----- Material supplied -----
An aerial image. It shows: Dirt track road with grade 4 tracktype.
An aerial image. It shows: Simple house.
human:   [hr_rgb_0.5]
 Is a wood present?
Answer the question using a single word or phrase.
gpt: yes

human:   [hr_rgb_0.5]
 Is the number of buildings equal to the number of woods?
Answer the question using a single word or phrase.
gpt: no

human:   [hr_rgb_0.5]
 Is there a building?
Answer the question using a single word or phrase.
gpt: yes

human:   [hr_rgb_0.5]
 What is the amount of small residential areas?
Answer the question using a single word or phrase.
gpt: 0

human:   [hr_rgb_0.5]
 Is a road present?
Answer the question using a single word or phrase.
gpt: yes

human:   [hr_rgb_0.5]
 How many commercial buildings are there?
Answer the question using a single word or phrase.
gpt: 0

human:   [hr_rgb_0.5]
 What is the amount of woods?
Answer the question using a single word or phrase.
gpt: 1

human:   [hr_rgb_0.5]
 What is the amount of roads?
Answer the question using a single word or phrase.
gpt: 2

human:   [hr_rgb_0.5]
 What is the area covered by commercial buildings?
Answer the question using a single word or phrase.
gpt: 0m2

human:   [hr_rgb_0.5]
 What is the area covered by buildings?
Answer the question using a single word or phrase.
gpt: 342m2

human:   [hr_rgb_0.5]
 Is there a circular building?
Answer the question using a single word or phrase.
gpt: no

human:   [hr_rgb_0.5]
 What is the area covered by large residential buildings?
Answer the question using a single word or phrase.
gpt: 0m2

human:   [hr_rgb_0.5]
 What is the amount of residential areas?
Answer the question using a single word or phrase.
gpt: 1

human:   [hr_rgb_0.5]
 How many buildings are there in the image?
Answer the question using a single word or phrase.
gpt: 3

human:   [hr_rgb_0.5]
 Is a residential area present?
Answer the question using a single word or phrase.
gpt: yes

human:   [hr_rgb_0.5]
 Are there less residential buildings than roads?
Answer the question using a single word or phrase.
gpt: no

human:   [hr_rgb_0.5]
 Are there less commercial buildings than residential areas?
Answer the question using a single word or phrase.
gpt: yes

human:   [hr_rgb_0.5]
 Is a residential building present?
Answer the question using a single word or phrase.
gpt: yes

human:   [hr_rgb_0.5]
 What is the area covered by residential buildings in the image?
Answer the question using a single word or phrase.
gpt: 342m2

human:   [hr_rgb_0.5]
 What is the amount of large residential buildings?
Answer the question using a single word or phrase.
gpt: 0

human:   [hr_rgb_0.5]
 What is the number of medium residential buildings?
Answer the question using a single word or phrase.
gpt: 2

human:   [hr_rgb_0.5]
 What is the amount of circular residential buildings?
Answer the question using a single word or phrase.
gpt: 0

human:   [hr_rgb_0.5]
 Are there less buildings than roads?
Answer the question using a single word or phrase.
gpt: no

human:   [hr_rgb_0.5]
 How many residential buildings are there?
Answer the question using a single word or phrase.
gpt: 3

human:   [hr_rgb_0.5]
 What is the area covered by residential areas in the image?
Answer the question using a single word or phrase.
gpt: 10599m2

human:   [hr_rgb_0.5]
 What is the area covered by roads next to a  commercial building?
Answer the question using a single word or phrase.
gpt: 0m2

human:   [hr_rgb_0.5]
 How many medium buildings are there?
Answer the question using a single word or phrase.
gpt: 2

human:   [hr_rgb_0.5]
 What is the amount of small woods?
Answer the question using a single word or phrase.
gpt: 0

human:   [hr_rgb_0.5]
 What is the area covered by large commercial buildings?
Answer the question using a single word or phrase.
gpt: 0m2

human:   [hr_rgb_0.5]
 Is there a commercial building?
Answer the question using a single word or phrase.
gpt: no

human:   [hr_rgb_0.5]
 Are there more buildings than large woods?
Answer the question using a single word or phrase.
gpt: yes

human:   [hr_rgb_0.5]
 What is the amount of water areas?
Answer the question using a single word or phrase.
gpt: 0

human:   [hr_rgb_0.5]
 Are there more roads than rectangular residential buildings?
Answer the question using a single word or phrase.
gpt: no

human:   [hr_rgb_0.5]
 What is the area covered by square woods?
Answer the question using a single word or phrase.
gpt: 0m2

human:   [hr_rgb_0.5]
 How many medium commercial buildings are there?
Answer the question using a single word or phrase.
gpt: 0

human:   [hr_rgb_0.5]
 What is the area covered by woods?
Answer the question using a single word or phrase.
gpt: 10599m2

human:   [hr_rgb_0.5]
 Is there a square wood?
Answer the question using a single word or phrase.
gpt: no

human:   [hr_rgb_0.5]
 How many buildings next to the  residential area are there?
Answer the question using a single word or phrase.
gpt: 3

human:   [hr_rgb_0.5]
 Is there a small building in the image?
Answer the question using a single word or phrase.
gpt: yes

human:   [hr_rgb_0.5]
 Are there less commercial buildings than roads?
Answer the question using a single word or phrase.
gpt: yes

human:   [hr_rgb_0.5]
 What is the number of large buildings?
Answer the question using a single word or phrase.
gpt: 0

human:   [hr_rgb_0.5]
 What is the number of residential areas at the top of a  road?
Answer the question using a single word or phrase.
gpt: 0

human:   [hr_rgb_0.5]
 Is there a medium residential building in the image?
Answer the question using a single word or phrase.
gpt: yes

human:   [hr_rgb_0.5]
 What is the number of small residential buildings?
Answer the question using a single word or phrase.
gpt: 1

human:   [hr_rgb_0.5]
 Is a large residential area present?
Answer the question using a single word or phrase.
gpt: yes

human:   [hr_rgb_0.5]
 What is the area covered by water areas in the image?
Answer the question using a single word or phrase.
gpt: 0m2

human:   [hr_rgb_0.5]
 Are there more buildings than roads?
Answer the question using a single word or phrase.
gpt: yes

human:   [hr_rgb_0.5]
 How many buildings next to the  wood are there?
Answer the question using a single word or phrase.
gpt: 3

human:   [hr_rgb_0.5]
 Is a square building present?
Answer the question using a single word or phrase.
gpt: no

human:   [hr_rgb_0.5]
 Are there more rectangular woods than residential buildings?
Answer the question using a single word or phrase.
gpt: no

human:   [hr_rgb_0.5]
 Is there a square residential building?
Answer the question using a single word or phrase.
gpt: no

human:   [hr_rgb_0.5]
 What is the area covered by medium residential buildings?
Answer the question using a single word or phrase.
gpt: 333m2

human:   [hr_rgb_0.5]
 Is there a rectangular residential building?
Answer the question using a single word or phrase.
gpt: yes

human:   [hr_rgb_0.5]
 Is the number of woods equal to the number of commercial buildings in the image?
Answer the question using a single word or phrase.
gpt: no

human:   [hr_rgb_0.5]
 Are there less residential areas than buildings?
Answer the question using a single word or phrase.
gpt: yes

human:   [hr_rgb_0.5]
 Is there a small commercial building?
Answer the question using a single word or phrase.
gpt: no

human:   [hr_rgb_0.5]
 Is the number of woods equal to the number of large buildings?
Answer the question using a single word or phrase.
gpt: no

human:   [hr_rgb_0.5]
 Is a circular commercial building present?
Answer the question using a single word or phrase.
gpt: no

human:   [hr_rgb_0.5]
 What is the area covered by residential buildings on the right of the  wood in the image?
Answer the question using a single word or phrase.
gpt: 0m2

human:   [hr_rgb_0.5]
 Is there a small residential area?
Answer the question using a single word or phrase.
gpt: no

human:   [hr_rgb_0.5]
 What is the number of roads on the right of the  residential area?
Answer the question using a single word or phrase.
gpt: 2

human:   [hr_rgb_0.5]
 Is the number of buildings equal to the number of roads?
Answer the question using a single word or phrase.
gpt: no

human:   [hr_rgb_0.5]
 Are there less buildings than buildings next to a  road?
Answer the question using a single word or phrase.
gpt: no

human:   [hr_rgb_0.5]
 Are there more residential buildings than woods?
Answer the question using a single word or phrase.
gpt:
-----
• [What to produce]: Would you please transcribe the records above in full and exactly?

• [Answer to this exercise]:
An aerial image. It shows: Dirt track road with grade 4 tracktype.
An aerial image. It shows: Simple house.
human:   [hr_rgb_0.5]
 Is a wood present?
Answer the question using a single word or phrase.
gpt: yes

human:   [hr_rgb_0.5]
 Is the number of buildings equal to the number of woods?
Answer the question using a single word or phrase.
gpt: no

human:   [hr_rgb_0.5]
 Is there a building?
Answer the question using a single word or phrase.
gpt: yes

human:   [hr_rgb_0.5]
 What is the amount of small residential areas?
Answer the question using a single word or phrase.
gpt: 0

human:   [hr_rgb_0.5]
 Is a road present?
Answer the question using a single word or phrase.
gpt: yes

human:   [hr_rgb_0.5]
 How many commercial buildings are there?
Answer the question using a single word or phrase.
gpt: 0

human:   [hr_rgb_0.5]
 What is the amount of woods?
Answer the question using a single word or phrase.
gpt: 1

human:   [hr_rgb_0.5]
 What is the amount of roads?
Answer the question using a single word or phrase.
gpt: 2

human:   [hr_rgb_0.5]
 What is the area covered by commercial buildings?
Answer the question using a single word or phrase.
gpt: 0m2

human:   [hr_rgb_0.5]
 What is the area covered by buildings?
Answer the question using a single word or phrase.
gpt: 342m2

human:   [hr_rgb_0.5]
 Is there a circular building?
Answer the question using a single word or phrase.
gpt: no

human:   [hr_rgb_0.5]
 What is the area covered by large residential buildings?
Answer the question using a single word or phrase.
gpt: 0m2

human:   [hr_rgb_0.5]
 What is the amount of residential areas?
Answer the question using a single word or phrase.
gpt: 1

human:   [hr_rgb_0.5]
 How many buildings are there in the image?
Answer the question using a single word or phrase.
gpt: 3

human:   [hr_rgb_0.5]
 Is a residential area present?
Answer the question using a single word or phrase.
gpt: yes

human:   [hr_rgb_0.5]
 Are there less residential buildings than roads?
Answer the question using a single word or phrase.
gpt: no

human:   [hr_rgb_0.5]
 Are there less commercial buildings than residential areas?
Answer the question using a single word or phrase.
gpt: yes

human:   [hr_rgb_0.5]
 Is a residential building present?
Answer the question using a single word or phrase.
gpt: yes

human:   [hr_rgb_0.5]
 What is the area covered by residential buildings in the image?
Answer the question using a single word or phrase.
gpt: 342m2

human:   [hr_rgb_0.5]
 What is the amount of large residential buildings?
Answer the question using a single word or phrase.
gpt: 0

human:   [hr_rgb_0.5]
 What is the number of medium residential buildings?
Answer the question using a single word or phrase.
gpt: 2

human:   [hr_rgb_0.5]
 What is the amount of circular residential buildings?
Answer the question using a single word or phrase.
gpt: 0

human:   [hr_rgb_0.5]
 Are there less buildings than roads?
Answer the question using a single word or phrase.
gpt: no

human:   [hr_rgb_0.5]
 How many residential buildings are there?
Answer the question using a single word or phrase.
gpt: 3

human:   [hr_rgb_0.5]
 What is the area covered by residential areas in the image?
Answer the question using a single word or phrase.
gpt: 10599m2

human:   [hr_rgb_0.5]
 What is the area covered by roads next to a  commercial building?
Answer the question using a single word or phrase.
gpt: 0m2

human:   [hr_rgb_0.5]
 How many medium buildings are there?
Answer the question using a single word or phrase.
gpt: 2

human:   [hr_rgb_0.5]
 What is the amount of small woods?
Answer the question using a single word or phrase.
gpt: 0

human:   [hr_rgb_0.5]
 What is the area covered by large commercial buildings?
Answer the question using a single word or phrase.
gpt: 0m2

human:   [hr_rgb_0.5]
 Is there a commercial building?
Answer the question using a single word or phrase.
gpt: no

human:   [hr_rgb_0.5]
 Are there more buildings than large woods?
Answer the question using a single word or phrase.
gpt: yes

human:   [hr_rgb_0.5]
 What is the amount of water areas?
Answer the question using a single word or phrase.
gpt: 0

human:   [hr_rgb_0.5]
 Are there more roads than rectangular residential buildings?
Answer the question using a single word or phrase.
gpt: no

human:   [hr_rgb_0.5]
 What is the area covered by square woods?
Answer the question using a single word or phrase.
gpt: 0m2

human:   [hr_rgb_0.5]
 How many medium commercial buildings are there?
Answer the question using a single word or phrase.
gpt: 0

human:   [hr_rgb_0.5]
 What is the area covered by woods?
Answer the question using a single word or phrase.
gpt: 10599m2

human:   [hr_rgb_0.5]
 Is there a square wood?
Answer the question using a single word or phrase.
gpt: no

human:   [hr_rgb_0.5]
 How many buildings next to the  residential area are there?
Answer the question using a single word or phrase.
gpt: 3

human:   [hr_rgb_0.5]
 Is there a small building in the image?
Answer the question using a single word or phrase.
gpt: yes

human:   [hr_rgb_0.5]
 Are there less commercial buildings than roads?
Answer the question using a single word or phrase.
gpt: yes

human:   [hr_rgb_0.5]
 What is the number of large buildings?
Answer the question using a single word or phrase.
gpt: 0

human:   [hr_rgb_0.5]
 What is the number of residential areas at the top of a  road?
Answer the question using a single word or phrase.
gpt: 0

human:   [hr_rgb_0.5]
 Is there a medium residential building in the image?
Answer the question using a single word or phrase.
gpt: yes

human:   [hr_rgb_0.5]
 What is the number of small residential buildings?
Answer the question using a single word or phrase.
gpt: 1

human:   [hr_rgb_0.5]
 Is a large residential area present?
Answer the question using a single word or phrase.
gpt: yes

human:   [hr_rgb_0.5]
 What is the area covered by water areas in the image?
Answer the question using a single word or phrase.
gpt: 0m2

human:   [hr_rgb_0.5]
 Are there more buildings than roads?
Answer the question using a single word or phrase.
gpt: yes

human:   [hr_rgb_0.5]
 How many buildings next to the  wood are there?
Answer the question using a single word or phrase.
gpt: 3

human:   [hr_rgb_0.5]
 Is a square building present?
Answer the question using a single word or phrase.
gpt: no

human:   [hr_rgb_0.5]
 Are there more rectangular woods than residential buildings?
Answer the question using a single word or phrase.
gpt: no

human:   [hr_rgb_0.5]
 Is there a square residential building?
Answer the question using a single word or phrase.
gpt: no

human:   [hr_rgb_0.5]
 What is the area covered by medium residential buildings?
Answer the question using a single word or phrase.
gpt: 333m2

human:   [hr_rgb_0.5]
 Is there a rectangular residential building?
Answer the question using a single word or phrase.
gpt: yes

human:   [hr_rgb_0.5]
 Is the number of woods equal to the number of commercial buildings in the image?
Answer the question using a single word or phrase.
gpt: no

human:   [hr_rgb_0.5]
 Are there less residential areas than buildings?
Answer the question using a single word or phrase.
gpt: yes

human:   [hr_rgb_0.5]
 Is there a small commercial building?
Answer the question using a single word or phrase.
gpt: no

human:   [hr_rgb_0.5]
 Is the number of woods equal to the number of large buildings?
Answer the question using a single word or phrase.
gpt: no

human:   [hr_rgb_0.5]
 Is a circular commercial building present?
Answer the question using a single word or phrase.
gpt: no

human:   [hr_rgb_0.5]
 What is the area covered by residential buildings on the right of the  wood in the image?
Answer the question using a single word or phrase.
gpt: 0m2

human:   [hr_rgb_0.5]
 Is there a small residential area?
Answer the question using a single word or phrase.
gpt: no

human:   [hr_rgb_0.5]
 What is the number of roads on the right of the  residential area?
Answer the question using a single word or phrase.
gpt: 2

human:   [hr_rgb_0.5]
 Is the number of buildings equal to the number of roads?
Answer the question using a single word or phrase.
gpt: no

human:   [hr_rgb_0.5]
 Are there less buildings than buildings next to a  road?
Answer the question using a single word or phrase.
gpt: no

human:   [hr_rgb_0.5]
 Are there more residential buildings than woods?
Answer the question using a single word or phrase.
gpt:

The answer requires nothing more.